Karenina meletakkan ponsel di meja, lalu bergegas membuka pintu sembari menjawab salam sang suami.

Entah kenapa pikiran sedikit terganggu dengan nama suami Sheila. Seingat dia, nama suami Farhana juga bernama Bram dan konon menurut yang dia dengar dari Umi Hadijah kala itu sempat mengungkapkan keprihatinan pada rumah tangga anak pertamanya itu.

"Bali, Bram ... semoga ini cuma kesamaan nama aja. Semoga bukan Sheila yang melakukan hal itu," gumamnya sembari berjalan di belakang sang suami.

"Kamu bicara apa?" Wafi menoleh dan membalikkan badannya.

"Ah nggak, Mas. Eum ... jadwal pagi ini apa?"

Wafi tertawa geli melihat Karenina. Perempuan itu kini seperti asisten baginya.

"Nggak ngapa-ngapain. Aku cuma mau cek kegiatan santri sampai Zuhur setelah itu pulang. Kenapa? Ada yang mau kamu tanyakan?"

"Eum ... kalau pekan depan teman saya main ke rumah ini apa Mas mengizinkan?"

"Oh ya? Siapa? Teman apa?"

Karena Wafi sudah tahu seperti apa masa lalunya, Karenina tak sungkan untuk menceritakan siapa Sheila.

"Boleh, kalau perlu kita ajak buka puasa bersama."

Mata Karenina berbinar mendengar ucapan suaminya. Spontan dia melompat dan memeluk Wafi sembari mengucapkan terima kasih. Wafi yang terkejut dengan ekspresi kegembiraan sang istri, justru mengerutkan dahinya.

Dipeluk Karenina adalah hal yang baru baginya. Karena sejak mereka menikah, keduanya hanya saling berjabat tangan dan sebatas mencium kening saja.

Seolah sadar Wafi terkejut oleh tingkahnya, Karenina cepat mengurai pelukan lalu membuat jarak.

"Maaf, saya terlalu gembira," tuturnya menunduk.

Pria yang masih mengenakan baju Koko berwarna putih itu meraih tangan sang istri. Sembari menggeleng dia kemudian membingkai wajah Karenina.

"Kenapa harus minta maaf? Dan kenapa kamu meluknya saat sudah puasa? Heum?" cecarnya dengan suara pelan dan mata menggoda.

Dia tak menyangka Wafi bisa melakukan hal manis seperti itu, dia pun tidak menyangka perlahan kelakuan itu mulai melebur.

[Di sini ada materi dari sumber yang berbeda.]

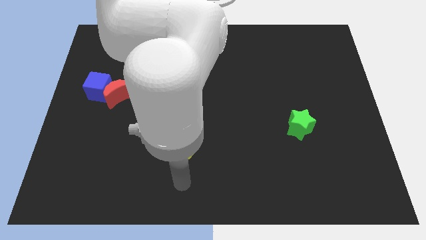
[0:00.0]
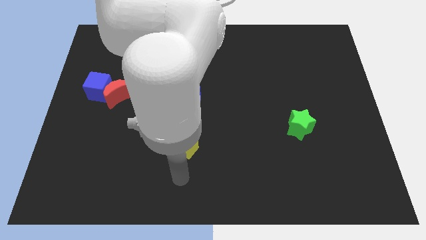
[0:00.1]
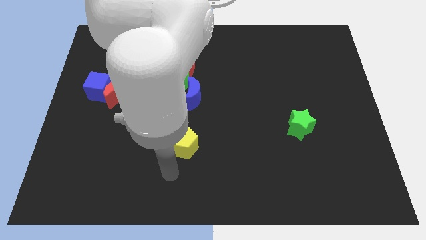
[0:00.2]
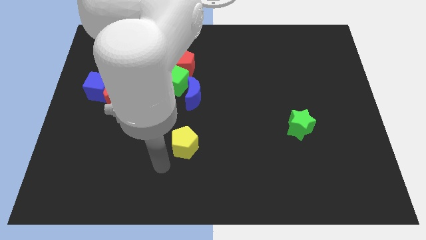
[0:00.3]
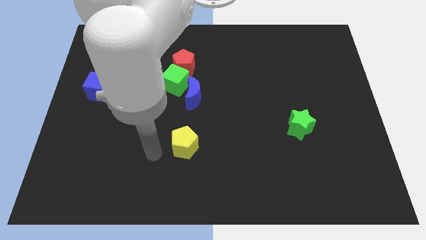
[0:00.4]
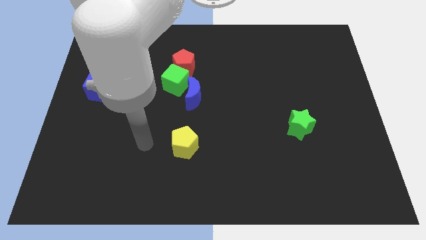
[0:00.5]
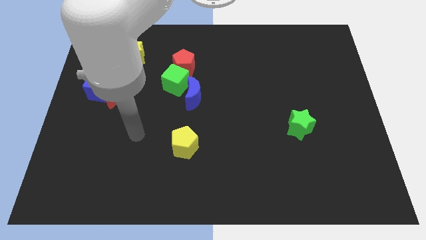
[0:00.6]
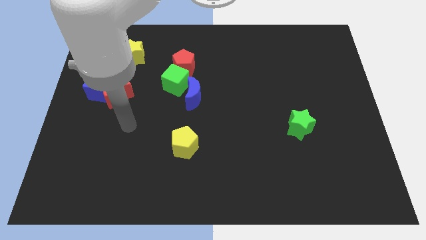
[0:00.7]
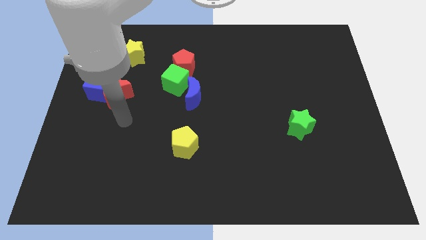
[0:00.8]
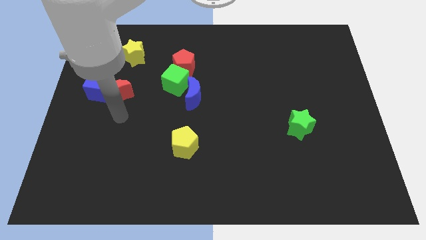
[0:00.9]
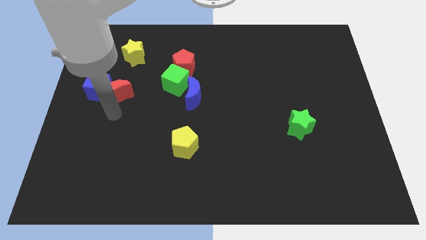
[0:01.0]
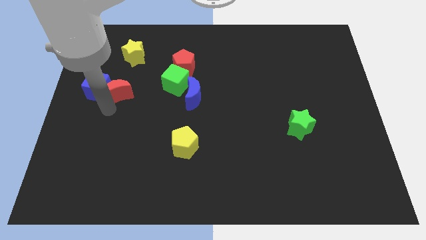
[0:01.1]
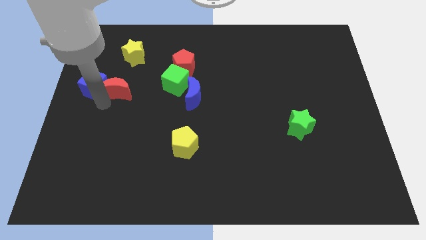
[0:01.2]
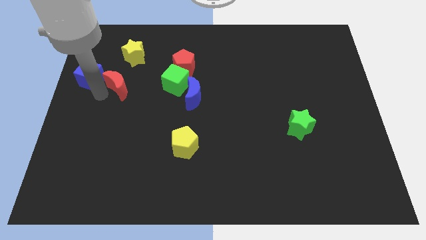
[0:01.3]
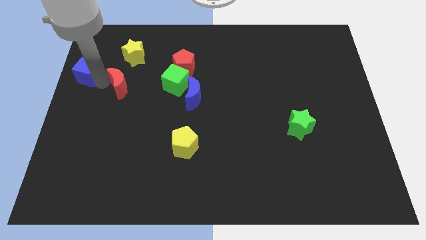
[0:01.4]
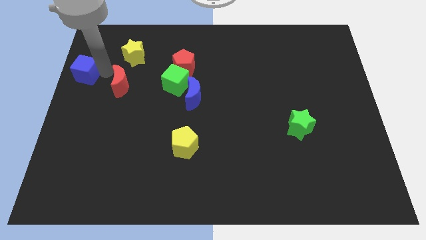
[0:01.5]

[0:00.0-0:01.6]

"Coba kamu peluk-peluk tadi sebelum sahur atau sesudah buka puasa jadi nggak gini deh!" Kembali Wafi menggoda.

Wajah Karenina merona seketika. Dengan kedua tangannya dia menutup wajah seraya berkata, "Maaf, Mas. Aku ke kamar dulu ya."

Tertawa kecil, Wafi membiarkan sang istri meninggalkan dirinya.

"Aku ke pesantren dulu ya. Nanti selepas Zuhur insyaallah aku balik," pamitnya sebelum sang istri masuk kamar.

Karenina membalikkan badan kembali menghampiri Wafi.

"Kenapa? Mau peluk lagi atau minta dipeluk?" candanya.

"Mas Wafi," ujarnya manja sembari menjabat tangan dan mencium punggung tangan suaminya.